The Wedding -round two.

November 17, 2013 - London, United Kingdom

Wedding day!

(Well part 2/3)

Beggining with another run, broken by a swim in the venue pool and a run back to our lowlier abode. We were sad to note the absence of the dead dog, it was the deadman that was one step more than I could handle, apparently a traffic victim...
With an hour and a half to get ready and cross gridlocked addis, still a year overdue for a haircut I decide this is the time to undertake a 'Keen cut'. Polly did a good job considering the quality of the base material, the nail scissors and five minute time pressure.
Foolishly arriving just in time, we were the only people around. The bride and groom turned up two hours later, the groom having been artificially set up by his grooms and then proceeding to purchase his bride from her family with gold (absolute and subjective values vary). All filmed with a five man TV crew to make fancinating future viewing. The ceremony was highly scripted in a stunning venue, almost resembling some kind of beauty pageant. Stage order: the evenutal arrival, ringing ceremony, food (and feeding of each other -hopefully heavily edited), dancing, cake cutting, dancing and departure ceremony. A best mans speech was built in following the distressing discovery there would be no opportunity to tar the groom. The Ethiopians looked on in bemusement. My authentic metallic shoulder shrugging and head jerking was not forgotten from yesterday and I dragged into (and out of) most situations, noticably this correlated with a number of enquires about my husband -who is doing very well in the UK.

The wedding was highly enjoyable a lively and entertaining celebration. The absence of the best men was noted as their bridesmaid partners (chosen for height and looks) each waited in their respective white merc's. With a rumoured sexual expectation to perform it was unsurprising they were found hiding in the bar.

The party continued back at home, a sheep was sacrificed for the occasion. I have never witnessed a live butchering, important as a meat eater but given my recent onset of empathy for pain I handled it surprisingly well. The sheep was remarkably quiet and moved for a long time after its ability to control movement subsided... Just thought you'd want to know.

 

Meanwhile a dance off Brits vs Ethiopians was underway, with an indisputable victory for the Brits, The Worm simply out matching traditional Ethiopian chicken-style moves.

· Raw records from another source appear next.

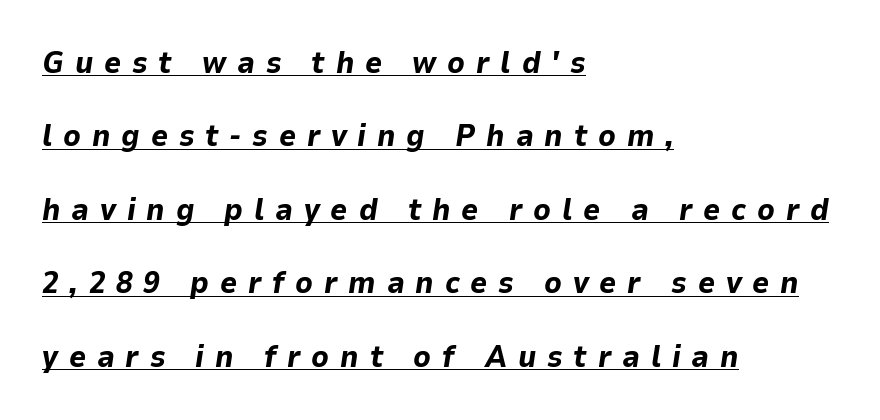
{"italic": "yes", "lean": "right", "slant_degrees": 9, "bold": "yes", "weight": "bold", "width": "normal", "stroke_contrast": "low", "x_height": "medium", "monospaced": "no", "underline": "yes", "align": "left", "line_spacing": "loose", "line_spacing_ratio": 2.45, "letter_spacing": "wide", "letter_spacing_em": 0.36, "glyph_px": 30}
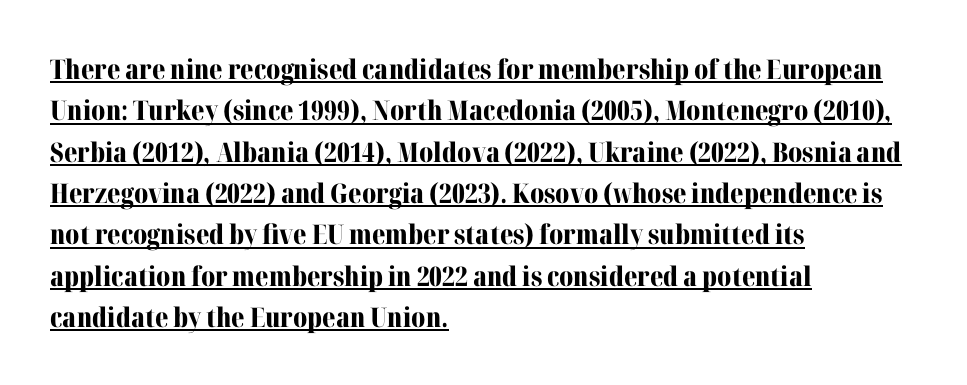
The strokes are fattened all the way to bold. Check the space under the baseline: a stroke is drawn there. Typeset ragged right — the left edge is the straight one. Nobody touched the tracking dial on this one.
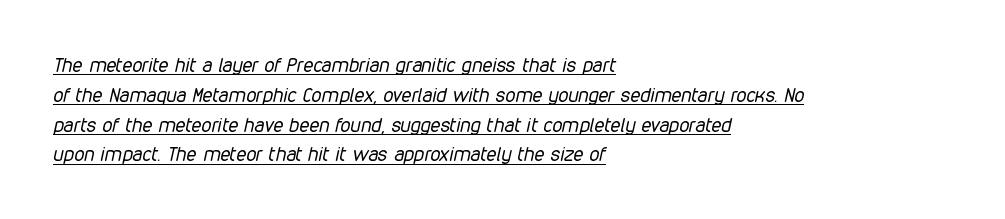
Regarding leading, the lines here are spaced in the standard way. Think standard paragraph weight, or any step lighter than that. What decoration does the sample have? An underline. It's the slanting kind of type. Observe the ordinary spacing: letters are neighbours, not strangers.
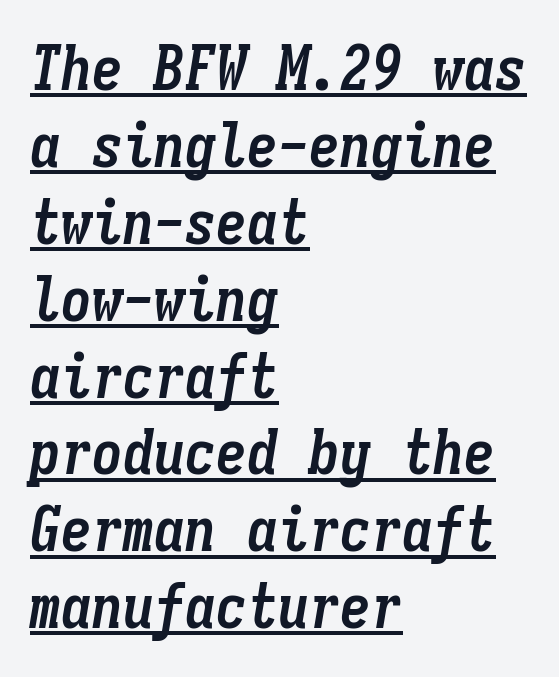
Monospaced: the letters line up in strict vertical columns. Beneath each row of characters lies a ruled line. The type is set solid horizontally, with unmodified tracking. Visually the block forms a straight wall on the left and a jagged coastline on the right. You can tell it's italic because the verticals aren't actually vertical. Caption: bold face, heavy strokes.
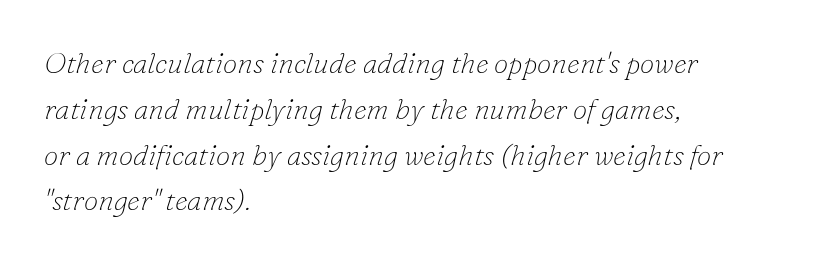
The image shows 29 px thin serif type, italic (leaning right); set left-aligned, normal line spacing (1.58x), normal letter spacing, not underlined; low stroke contrast and a small x-height.
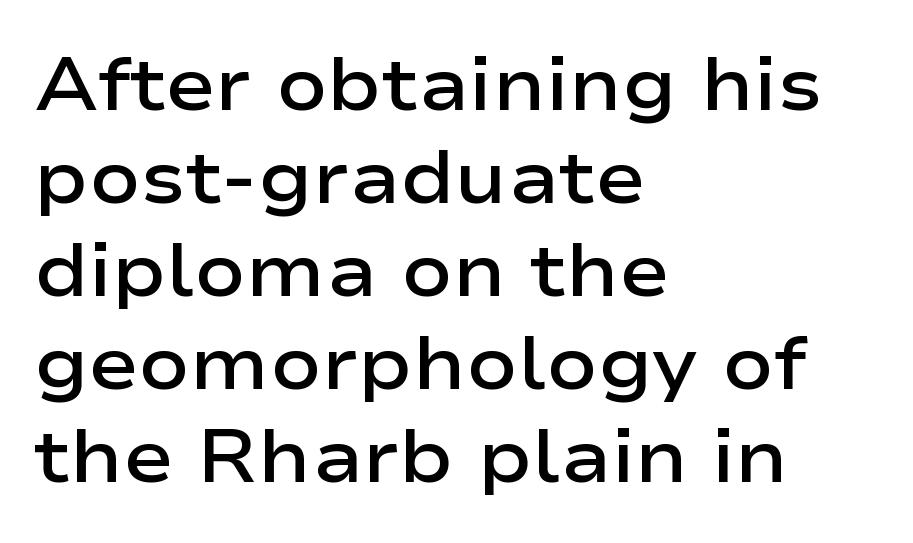
Note the varied advance widths — an 'i' is clearly narrower than an 'm'. Is the type bold? Partly — it's a semibold, heavier than regular but not fully bold. Only glyphs here, with clear space below each row. The rendering keeps characters at their native spacing. The font family rendered here belongs to the sans-serif group. Short and long lines alike share a common starting point at left.
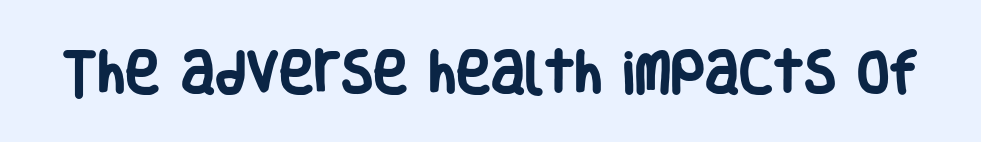
{"serif": "no", "italic": "no", "bold": "yes", "weight": "heavy", "width": "condensed", "stroke_contrast": "low", "x_height": "large", "monospaced": "no", "underline": "no", "letter_spacing": "normal", "letter_spacing_em": 0.0, "glyph_px": 47}
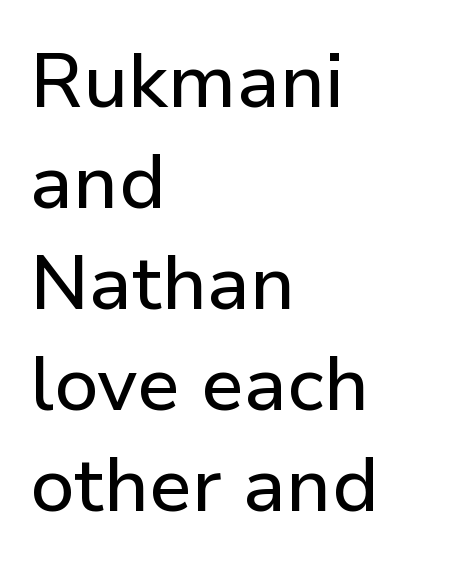
The rendering anchors every line to the left-hand side. Letter spacing: default. A typesetter would label this face a sans. The zone under the glyphs is completely vacant. Character widths vary here, with narrow letters taking less room than wide ones. Vertical strokes here are truly vertical.
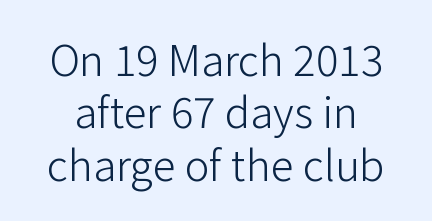
Q: Is the text bold? A: No.
Q: Is the text italic (slanted)? A: No, it is upright.
Q: Is the typeface a serif or a sans-serif typeface? A: Sans-serif.
Q: Is the text underlined? A: No.
Q: Is the spacing between letters normal or unusually wide? A: Normal.
Q: Is the spacing between lines tight, normal or loose? A: Normal.
Q: Width (condensed, normal, or wide)? A: Normal.
Q: Stroke contrast? A: Low.
Q: x-height? A: Medium.
Q: Monospaced? A: No.
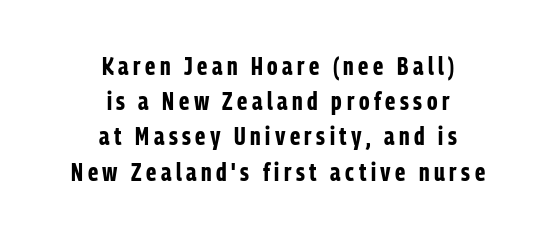
{"italic": "no", "bold": "yes", "underline": "no", "align": "center", "line_spacing": "normal", "line_spacing_ratio": 1.41, "glyph_px": 25}
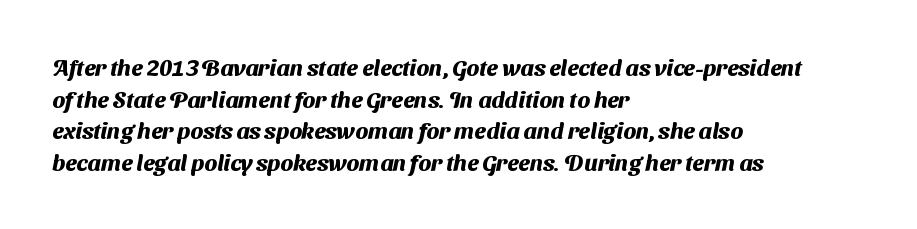
Q: Is the text bold? A: Yes.
Q: Is the text underlined? A: No.
Q: How is the paragraph aligned? A: Left-aligned.
Q: Is the spacing between letters normal or unusually wide? A: Normal.
Q: Is the spacing between lines tight, normal or loose? A: Normal.
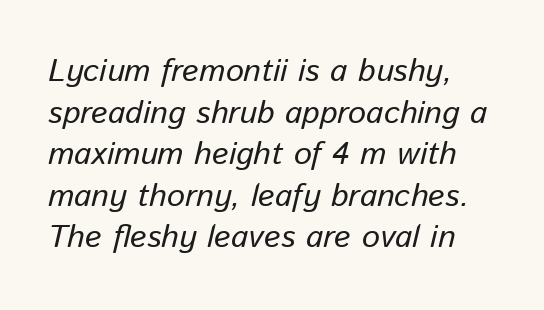
Reading down the column, the eye jumps a familiar distance to each next line. Do the characters align in a grid? No, the font is proportional. The typesetting does not lean heavy: it is not bold. If you drew a line through each stem, it would be angled. The gaps between neighbouring characters are ordinary and unremarkable.
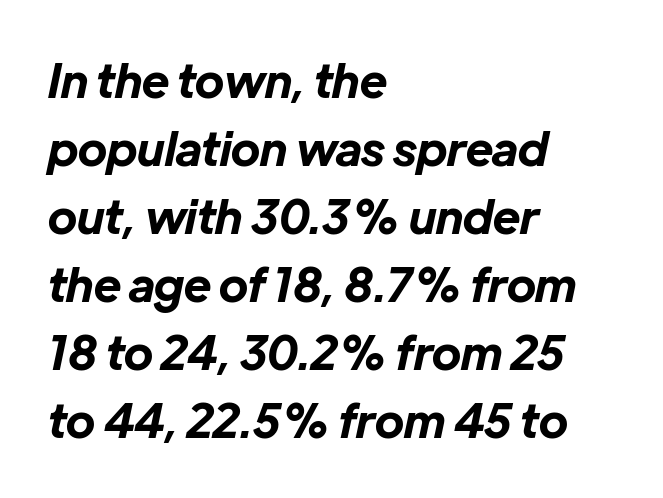
{"italic": "yes", "lean": "right", "slant_degrees": 12, "bold": "yes", "weight": "bold", "width": "normal", "stroke_contrast": "low", "x_height": "medium", "monospaced": "no", "underline": "no", "align": "left", "line_spacing": "normal", "line_spacing_ratio": 1.48, "letter_spacing": "normal", "letter_spacing_em": 0.0, "glyph_px": 46}
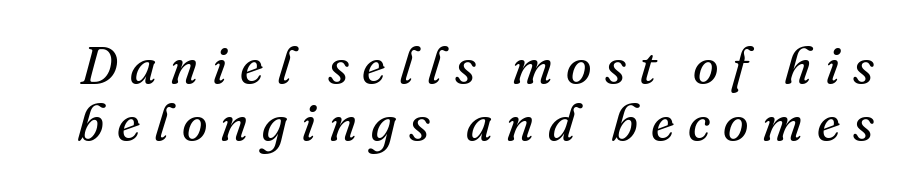
The image shows 52 px regular-weight serif type, italic (leaning right); set tight line spacing (1.09x), unusually wide letter spacing (+0.26 em), not underlined; medium stroke contrast and a small x-height.
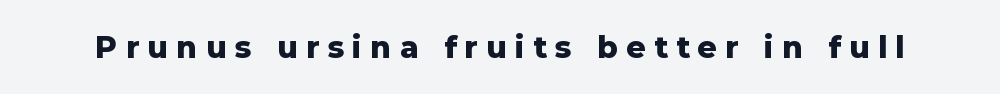
Q: Is the text bold? A: Yes.
Q: Is the text italic (slanted)? A: No, it is upright.
Q: Is the typeface a serif or a sans-serif typeface? A: Sans-serif.
Q: Is the text underlined? A: No.
Q: Is the spacing between letters normal or unusually wide? A: Unusually wide.
Q: Width (condensed, normal, or wide)? A: Normal.
Q: Stroke contrast? A: Low.
Q: x-height? A: Medium.
Q: Monospaced? A: No.
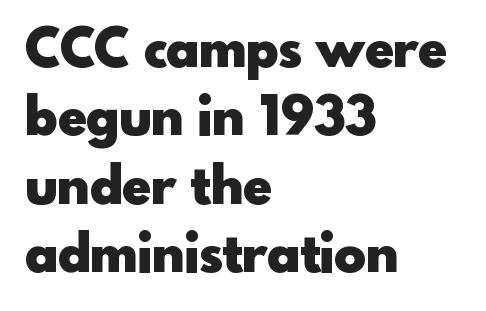
Q: Is the text bold? A: Yes.
Q: Is the text italic (slanted)? A: No, it is upright.
Q: Is the typeface a serif or a sans-serif typeface? A: Sans-serif.
Q: Is the text underlined? A: No.
Q: How is the paragraph aligned? A: Left-aligned.
Q: Is the spacing between letters normal or unusually wide? A: Normal.
Q: Is the spacing between lines tight, normal or loose? A: Normal.
Q: Width (condensed, normal, or wide)? A: Normal.
Q: x-height? A: Small.
Q: Monospaced? A: No.

http://www.youtube.com/watch?v=HIVQjnF4rk4

The locals were curious as to how we found it, worried about our comfort and enjoyment. Following an enquiry regarding my husband, two members of our party were described as 'like something from Hollywood' -obviously not something to share for fear of crainial explosion. This was followed by the 'Bread Naming ceremony' -yes we were just as confused. Essentially, a huge flat bread that followed us around all day was revealed. We were to break into it to try and find 100dollars (100 birr -5 dollars). Apparently we were due to suggest 'bread names' (nicknames) for the couple at this stage. But generally too unimaginative, lead to names being slowly generated enmass, still oblivious as to why 'psycho patti' and 'yin yang' were rejected, Noah and Vine were decided on (not a clue?!).


During the sheep butcher nothing went to waste, even encouraged to taste the bile (a mistake on an unimaginable scale), the wool coat being sold on and the undercooked testicles tried by the brave (stupid). The meat obviously was incredible and avoided like the plague by vegetarians and the most squeamish. The night finished with a trip back to town in blaring vehicles, embarrassingly getting lost down a dirt track, turning down the music and leaning hard on the reverse our certainly not sober drivers sheepishly flee the back lanes. Realising that we are getting to know the locals we revisit last night's club, meeting the same prostitute (and yesterday's pickpocket), who backed herself by funding her entry and then choosing the apparently her dance floor territory. She was not interested in making peace with last night's missed opportunity. Our Hollywood pair certainly didn't have to try as hard this evening with a swarm of interested girls aggressively fighting for stardom's attention.